I slop dinner on the table–noodles in colander, sauce in the pan it was cooked in, cheese on the grating board it was grated on. Flora spreads the plates. Cinder searches for forks. “Success!” he hollers. “I’ve got five. Although, really, Flora and Ender would be just as happy eating with their fingers.” To prove the point, Ender grabs two handfuls of green beans and stuffs them in his gob. I don’t so much sit down as collapse into the chair. Sean joins us. Looks at the table. At us. And says one of those things for which I love and adore him.
“You made us supper! With the Ender! Oh, thank you!”
“Thank you, Mommy, for wonderful food!” says Ender.
“Supper is brought to you by Cinder,” Cinder announces. “There is no way Mom could have made supper if I hadn’t had a bath with Ender. And I don’t know if you heard what he was doing to me in the bath, but I’m covered with scratches in places no one should ever touch.”
“Thank you, Cinder,” I say, wearily. This all is really funny. A part of me knows it. The rest of me is just too tired.
The assorted slop is well-received. Everyone munches.
“I sorry,” says Ender suddenly. We all look up at him. “I sorry,” he repeats. “Me sit on table.” And indeed, there he is, sitting on the table. I sigh. I suppose I should parent.

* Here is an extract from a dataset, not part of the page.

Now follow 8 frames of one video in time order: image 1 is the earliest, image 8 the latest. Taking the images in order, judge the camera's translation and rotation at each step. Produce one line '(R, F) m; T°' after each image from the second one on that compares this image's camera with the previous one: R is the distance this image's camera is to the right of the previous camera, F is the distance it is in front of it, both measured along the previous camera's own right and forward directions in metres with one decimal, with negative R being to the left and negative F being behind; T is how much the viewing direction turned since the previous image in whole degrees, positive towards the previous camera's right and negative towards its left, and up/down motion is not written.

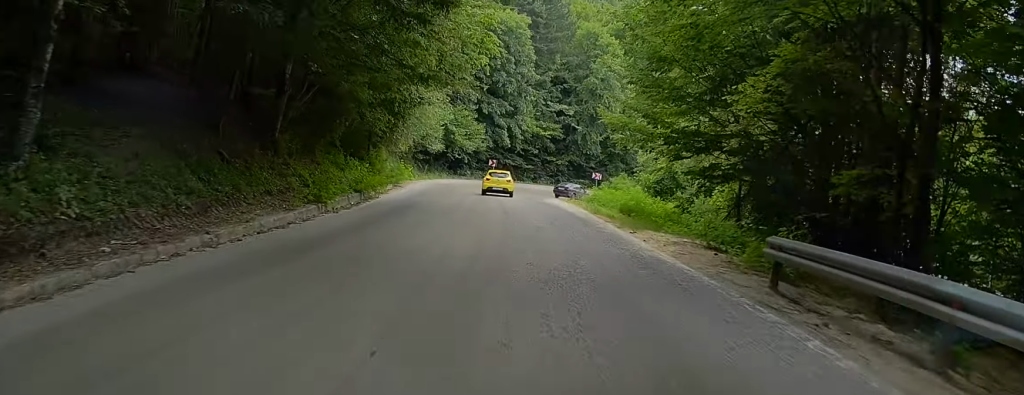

“Where should you be sitting, monkey?” I ask. Wearily. I be tired. Is been a long day…
“On chair,” says Ender. “Tee hee hee.”
“I think he’s sitting on the table so he can see what’s in his bowl,” says Sean. “You know, so he can spear the stuff he wants?”
“I’m just happy he’s not throwing it at me,” says Cinder.
“Me too,” I agree. “Let him sit on the table.”
“Can I sit on the table?” says Cinder, starting to levitate his bohunkus.
“No,” I don’t even think about it. I have standards. I do.
“Thank you for wonderful supper, Mommy!” Ender sings out. He knows he’s getting away with something. Gives me a beatific smile.
“And you put away all the laundry too,” enthuses Sean.
(The great think about being a really crappy housekeeper: the least effort on your part is appreciated in spades. Do your kids celebrate when they have clean pajamas in the drawers and clean cups in the cupboard? Mine do. Ha!)
“I did,” I say. I intercept Ender as he tries to stuff two noodles simultaneously into his nose. “Want to know why?” No one really wants to know why, that is clear, but they love me, so they will indulge me.
“I was in the bathroom.” Peeing. I have to pee, you know. And I like to do it alone. Sigh. But it has a price. It means I leave him alone. Just long enough… “And Ender opens the door and comes in. And says…
Mama? I find laundry basket on landing. I throw it down the stairs. Then I jump on it and pee on it. Are you angry?
And so… I folded and put away all the laundry.”
And this is how you know that I really am a crappy housekeeper, because Sean’s immediate reaction:
Um… was it my laundry? And did you fold and put away the peed-on laundry without re-washing it?
You’ll never know, darling. You’ll never know.